ASP.NET MVC - separating large app

I've been puzzled by what I consider a contradiction in terms: ASP.NET MVC claims to be furthering and supporting the "separation of concern" motto, which I find a great idea.

However, it seems there's no way of separating out controllers, model or views into their own assembly, or separating areas into assemblies.

With the fixed Controller, Model and View folders in your ASP.NET MVC, you're actually creating a huge hodge podge of things. Is that the separation of concerns, really?? Seems like quite the contrary to me.

So what I'm wondering:

  • how can I create an ASP.NET MVC solution that will either separate out controllers, the model, and the folders full of views, into separate assemblies?

  • how can I put areas of ASP.NET MVC 2 into separate assemblies?

  • or how else do you manage a large ASP.NET MVC app - which has several dozen or even over a hundred controllers, lots of model and viewmodel classes, and several hundred views?


I think you're looking for Areas in ASP.Net MVC 2. There are some things to uncomment in the CSProj files, but after that it will copy the views over when you build. I don't think there is any requirement that the Controller or Model classes be in the same assembly as the views.

Walkthrough: Creating an ASP.NET MVC Areas Application Using Multiple Projects

Controllers: AFAIK you shouldn't have to do anything special to throw controllers into their own assembly. At the very most all you'd have to do is override the GetControllerType method of your ControllerFactory.

Models: Zero restrictions on where you put your models. Although this is frowned upon I regularly use persistent objects from an Nhibernate/other ORM layer or WCF/service layer DTO thats are located in a separate assembly as my views. This works the same way using WebForms.

Views: Views in a separate assembly must be marked as embedded resource and then you must use a custom VirtualPathProvider that knows how to get the views from an resource instead of the file system. views from an resource instead of the file system. Again this is the exact same technique you would use for WebForm development.

Regarding mcintyre321 and his Portable Areas answer: The linked project does barely anything custom and simply wraps up the existing MVC 2 extensibility points into an easier to use abstraction. Its barely "custom" and more syntactic sugar.

You manage a large MVC app just like you'd manage any other large app. I dread opening up a 500 page WebForms project because you never quite know whats in each of those code behinds. With MVC distinct functionality is mostly within its right place. Its not contrary at all.

Separating code into separate assemblies is orthogonal to separation of concerns. Where the code lives is not a "concern". Separation of concerns has to do with responsibilities and direction of dependencies of various components. For example, Views are responsible for rendering the output, and the controller knows about the views, but the views don't really have intimate knowledge of the controller.

Likewile, Models don't know anything about either views or controllers, but both views and controllers will know about the model.

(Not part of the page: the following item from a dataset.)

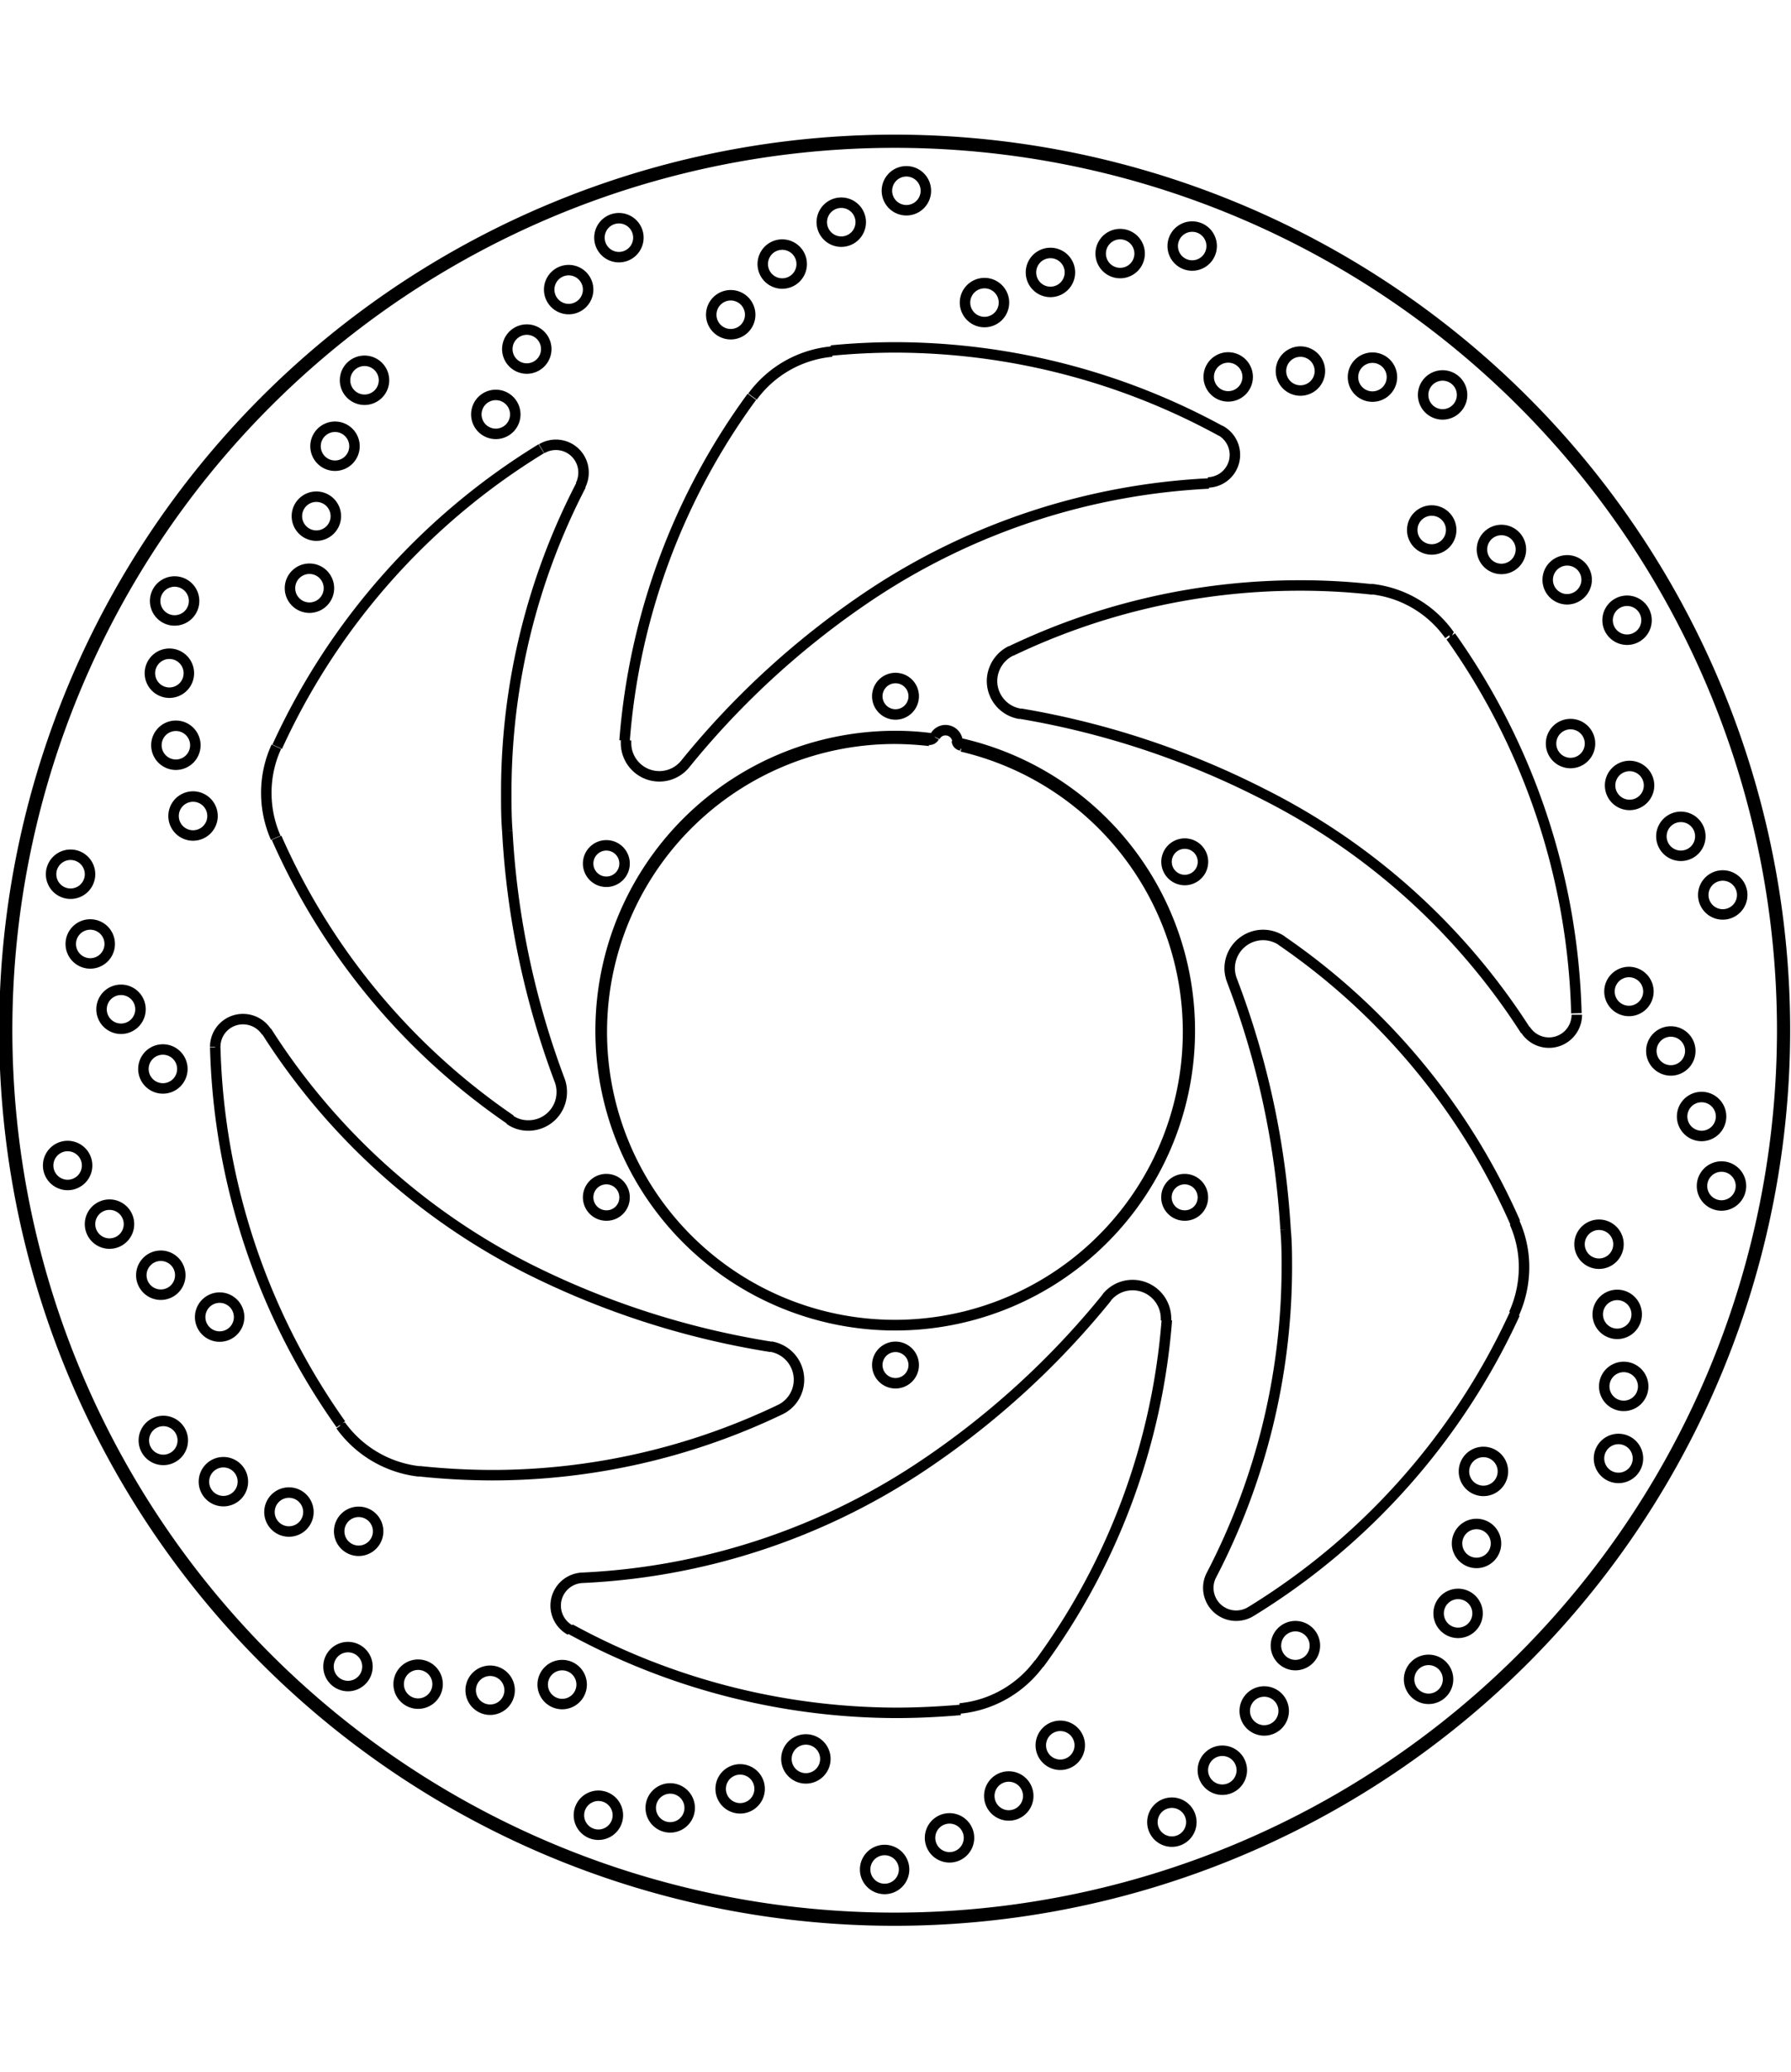 <svg xmlns="http://www.w3.org/2000/svg" width="1934" height="2237" viewBox="0 0 85.54 86.08"><defs><style>.a{fill:none;stroke:#000;stroke-linejoin:bevel;stroke-width:0.5px;}</style></defs><path class="a" d="M454.33,500.92m1.14,0" transform="translate(-411.27 -414.84)"/><path class="a" d="M454.91,441.66h0a.87.87,0,1,0-.87.87.87.87,0,0,0,.87-.87m-13.81,8h0a.87.87,0,1,0-.87.86.87.87,0,0,0,.87-.86m0,15.94h0a.87.87,0,1,0-.87.86.86.86,0,0,0,.87-.86m13.81,8h0a.87.87,0,1,0-.87.87.87.87,0,0,0,.87-.87m13.81-8h0a.87.87,0,1,0-.87.86.86.86,0,0,0,.87-.86m0-15.94h0a.87.87,0,1,0-1.73,0,.87.87,0,0,0,1.73,0m-9.5-26.81h0a.93.93,0,1,0-.93.94.93.93,0,0,0,.93-.94m3.15-1.43h0a.93.93,0,1,0-.93.93.93.93,0,0,0,.93-.93m3.33-.9h0a.93.93,0,0,0-1.86,0,.93.93,0,0,0,1.86,0m3.44-.36h0a.93.93,0,1,0-.93.93.93.93,0,0,0,.93-.93m1.72,6.25h0a.93.93,0,1,0-1.86,0,.93.93,0,1,0,1.86,0m3.45-.28h0a.93.93,0,0,0-1.86,0,.93.93,0,0,0,1.86,0m3.44.29h0a.93.93,0,1,0-1.86,0,.93.93,0,1,0,1.86,0m3.35.85h0a.93.93,0,1,0-.93.93.93.93,0,0,0,.93-.93m-.52,6.45h0a.93.93,0,1,0-.93.93.93.93,0,0,0,.93-.93m3.33.93h0a.93.93,0,1,0-.93.93.93.93,0,0,0,.93-.93m3.14,1.45h0a.93.93,0,1,0-.93.93.94.94,0,0,0,.93-.93m2.86,1.93h0a.93.93,0,0,0-1.86,0,.93.93,0,0,0,1.86,0m-2.7,5.89h0a.93.93,0,1,0-.93.93.93.93,0,0,0,.93-.93m2.82,2h0a.93.93,0,1,0-.93.93.93.93,0,0,0,.93-.93m2.45,2.43h0a.93.93,0,1,0-1.86,0,.93.93,0,0,0,1.86,0m2,2.8h0a.93.93,0,1,0-.93.93.93.93,0,0,0,.93-.93M490,455.76h0a.93.93,0,1,0-.93.93.93.93,0,0,0,.93-.93m2,2.84h0a.93.93,0,1,0-.93.93.93.93,0,0,0,.93-.93m1.47,3.13h0a.93.93,0,1,0-.93.93.93.93,0,0,0,.93-.93m.95,3.32h0a.93.93,0,1,0-.93.93.93.93,0,0,0,.93-.93m-5.85,2.78h0a.93.93,0,1,0-.93.93.93.93,0,0,0,.93-.93m.87,3.35h0a.93.93,0,1,0-.93.93.93.93,0,0,0,.93-.93m.31,3.44h0a.93.93,0,1,0-.93.93.93.93,0,0,0,.93-.93m-.25,3.44h0a.93.93,0,1,0-.93.93.93.93,0,0,0,.93-.93m-6.45.62h0a.93.93,0,1,0-.93.93.93.93,0,0,0,.93-.93m-.33,3.44h0a.93.93,0,1,0-.93.93.93.93,0,0,0,.93-.93m-.88,3.34h0a.93.93,0,1,0-.93.93.93.93,0,0,0,.93-.93m-1.41,3.15h0a.93.93,0,1,0-.93.93.93.93,0,0,0,.93-.93M474.07,487h0a.93.93,0,1,0-.93.93.93.93,0,0,0,.93-.93m-1.49,3.12h0a.93.93,0,1,0-.93.93.93.93,0,0,0,.93-.93m-2,2.83h0a.93.93,0,1,0-.93.93.93.93,0,0,0,.93-.93m-2.41,2.48h0a.93.93,0,1,0-.93.93.93.93,0,0,0,.93-.93m-5.33-3.67h0a.93.93,0,1,0-.93.93.93.93,0,0,0,.93-.93m-2.46,2.42h0a.93.93,0,1,0-.93.93.93.93,0,0,0,.93-.93m-2.83,2h0a.93.93,0,1,0-.93.93.93.93,0,0,0,.93-.93m-3.1,1.51h0a.93.93,0,1,0-.93.93.93.93,0,0,0,.93-.93m-3.76-5.28h0a.93.93,0,1,0-.93.93.93.93,0,0,0,.93-.93m-3.14,1.43h0a.93.93,0,1,0-1.86,0,.93.93,0,1,0,1.86,0m-3.34.91h0a.93.93,0,1,0-.93.93.93.93,0,0,0,.93-.93m-3.43.35h0a.93.93,0,0,0-1.86,0,.93.93,0,0,0,1.86,0m-1.73-6.24h0a.93.93,0,1,0-.93.93.93.93,0,0,0,.93-.93m-3.44.27h0a.93.93,0,1,0-.93.93.93.93,0,0,0,.93-.93m-3.44-.29h0a.93.93,0,0,0-1.86,0,.93.93,0,0,0,1.86,0m-3.35-.84h0a.93.93,0,1,0-.93.93.93.93,0,0,0,.93-.93m.51-6.46h0a.93.93,0,1,0-.93.93.93.93,0,0,0,.93-.93m-3.33-.92h0a.93.93,0,1,0-.93.93.93.93,0,0,0,.93-.93m-3.13-1.45h0a.93.93,0,1,0-.93.93.93.93,0,0,0,.93-.93M420,477.2h0a.93.93,0,1,0-.93.93.93.93,0,0,0,.93-.93m2.69-5.89h0a.93.93,0,1,0-.93.93.93.93,0,0,0,.93-.93m-2.81-2h0a.93.93,0,1,0-.93.93.93.93,0,0,0,.93-.93m-2.45-2.44h0a.93.93,0,1,0-1.86,0,.93.93,0,1,0,1.86,0m-2-2.8h0a.93.93,0,1,0-.93.93.93.93,0,0,0,.93-.93m4.55-4.61h0a.93.93,0,1,0-.93.93.93.93,0,0,0,.93-.93m-2-2.85h0a.93.93,0,1,0-.93.93.93.93,0,0,0,.93-.93m-1.47-3.12h0a.93.93,0,1,0-.93.93.93.93,0,0,0,.93-.93m-.94-3.33h0a.93.93,0,0,0-1.86,0,.93.93,0,0,0,1.86,0m5.85-2.78h0a.93.93,0,1,0-1.86,0,.93.93,0,1,0,1.86,0M420.6,444h0a.93.93,0,1,0-.93.93.93.93,0,0,0,.93-.93m-.31-3.44h0a.93.93,0,1,0-.93.93.93.93,0,0,0,.93-.93m.25-3.45h0a.93.93,0,1,0-1.86,0,.93.93,0,0,0,1.86,0m6.44-.61h0a.93.93,0,1,0-.93.93.93.93,0,0,0,.93-.93m.33-3.44h0a.93.93,0,1,0-.93.93.93.93,0,0,0,.93-.93m.89-3.34h0a.93.93,0,1,0-.93.93.93.93,0,0,0,.93-.93m1.41-3.15h0a.93.93,0,1,0-.93.93.93.93,0,0,0,.93-.93m6.27,1.63h0a.93.93,0,1,0-.93.93.93.93,0,0,0,.93-.93m1.48-3.12h0a.93.93,0,1,0-.93.93.93.93,0,0,0,.93-.93m2-2.84h0a.93.93,0,1,0-.93.93.93.93,0,0,0,.93-.93m2.4-2.48h0a.93.93,0,1,0-.93.93.93.93,0,0,0,.93-.93m5.34,3.68h0a.93.93,0,1,0-.93.93.93.93,0,0,0,.93-.93m2.46-2.42h0a.93.93,0,1,0-.93.93.93.93,0,0,0,.93-.93m2.82-2h0a.93.93,0,1,0-.93.93.93.93,0,0,0,.93-.93m3.11-1.5h0a.93.93,0,1,0-.93.93.93.93,0,0,0,.93-.93M457,443.79h0a.58.58,0,0,0-.57-.51.56.56,0,0,0-.51.32m27.72,23.2h0a31.91,31.91,0,0,0-11.18-13.48M471,485.38h0a32.64,32.64,0,0,0,12.62-14.23m-14.49,12.48h0a1.31,1.31,0,0,0-.15.61,1.33,1.33,0,0,0,1.33,1.33,1.35,1.35,0,0,0,.69-.19m-1.87-1.75h0A31.92,31.92,0,0,0,472.73,469c0-.62,0-1.24-.06-1.87m0,0h0a39.83,39.83,0,0,0-2.56-11.9m2.39-1.89h0a1.62,1.62,0,0,0-.9-.28,1.6,1.6,0,0,0-1.6,1.6,1.65,1.65,0,0,0,.11.57m6.71-18.67h0a31,31,0,0,0-3.48-.19,31.9,31.9,0,0,0-13.78,3.13m27,17.3h0a32.56,32.56,0,0,0-6-18m3.57,18.79h0a1.33,1.33,0,0,0,2.45-.72v0m-2.45.75h0a31.86,31.86,0,0,0-12.55-11.3m0,0h0A40.11,40.11,0,0,0,460,442.49m-.44-3h0a1.62,1.62,0,0,0-.91,1.44,1.59,1.59,0,0,0,1.35,1.57m-12.82-15.14h0a31.91,31.91,0,0,0-6.08,16.42M469.6,429h0a32.54,32.54,0,0,0-15.56-4c-1,0-2.05.05-3.07.15m18,6.3h0a1.32,1.32,0,0,0,.57-2.49M469,431.5h0A32,32,0,0,0,453,436.72m0,0h0a39.91,39.91,0,0,0-9,8.17m-2.83-1.12h0v.12a1.59,1.59,0,0,0,2.83,1m-19.52,3.53h0a31.87,31.87,0,0,0,11.18,13.47m1.46-32.05h0a32.51,32.51,0,0,0-12.61,14.23m14.49-12.49h0a1.37,1.37,0,0,0,.14-.61,1.32,1.32,0,0,0-2-1.13m1.88,1.74h0a31.84,31.84,0,0,0-3.57,14.66c0,.62,0,1.24.05,1.86m0,0h0A39.9,39.9,0,0,0,438,460m-2.39,1.88h0a1.52,1.52,0,0,0,.9.28,1.59,1.59,0,0,0,1.59-1.59,1.56,1.56,0,0,0-.1-.57m-6.71,18.67h0a33.47,33.47,0,0,0,3.47.19,31.84,31.84,0,0,0,13.79-3.14m-27-17.29h0a32.55,32.55,0,0,0,6,18M424,457.69h0a1.34,1.34,0,0,0-1.12-.61,1.32,1.32,0,0,0-1.33,1.33v0m2.45-.75h0A31.87,31.87,0,0,0,436.5,469m0,0h0a39.79,39.79,0,0,0,11.59,3.73m.44,3h0a1.58,1.58,0,0,0,.9-1.43,1.6,1.6,0,0,0-1.34-1.58m12.81,15.15h0A31.85,31.85,0,0,0,467,471.45m-28.49,14.76h0a32.6,32.6,0,0,0,15.55,4c1,0,2.06-.05,3.08-.14m-18.06-6.31h0a1.33,1.33,0,0,0-.57,2.5m.57-2.5h0a31.82,31.82,0,0,0,16.06-5.22m0,0h0a39.73,39.73,0,0,0,9-8.17m2.82,1.13h0a.49.49,0,0,0,0-.12,1.6,1.6,0,0,0-1.6-1.6,1.58,1.58,0,0,0-1.23.59m-8.47-26.58h0a15.22,15.22,0,0,0-1.65-.1,14,14,0,1,0,3.2.37m-1.31-.37h0a13.14,13.14,0,0,0-1.89-.13,14.07,14.07,0,1,0,3,.32m39.38,13.78h0A42.39,42.39,0,1,0,454,500a42.4,42.4,0,0,0,42.39-42.38m.13,0h0A42.52,42.52,0,1,0,454,500.13a42.54,42.54,0,0,0,42.52-42.52m-40.87-13.87h0a.27.27,0,0,0,.24-.14m1.08.19h0a.24.24,0,0,0,.2.22m26.41,27.14h0a5.42,5.42,0,0,0,.48-2.21,5.23,5.23,0,0,0-.45-2.14m-3.11-28.06h0a5.27,5.27,0,0,0-3.75-2.2M451,425.2h0a5.3,5.3,0,0,0-3.79,2.15m-22.74,16.72h0a5.23,5.23,0,0,0-.48,2.21,5.3,5.3,0,0,0,.45,2.14m3.1,28.06h0a5.36,5.36,0,0,0,3.76,2.2M457.12,490h0a5.35,5.35,0,0,0,3.78-2.15" transform="translate(-411.27 -414.84)"/></svg>

However, back to your question. As jfar points out, moving controllers and models into another assembly is trivially easy and will work. Moving views into another assembly is trickier. Embedded resources with a custom virtual path provider is one way, but not one we generally recommend for a high performance site. But if it meets your needs, go for it.

MVC is very extensible and does not require to adhere to the Controller, View, and Model folder structure. You can place the controllers anywhere you would like, however if they are located in another assembly you will need to implement your own controller factory that knows how to locate them. Here is an example for locating your controllers with Windsor.

Your models/view models can be where ever you want. You simply need to reference their namespace in the web.config so views know where to look. (At least I know this is true with the Spark view engine.)

You put your views in any web project. My usual strategy is to create a plain web (non-mvc) project that contains the views folder. (This could even be a legacy web app!) Then all my controllers go in a separate class library. My view models and services go in another.

As far as structuring folders, I usually center my hierarchy around domain concepts. I'd have a folder in each project for Users, Products, Orders, etc. I never have a Models or Controllers folder anywhere.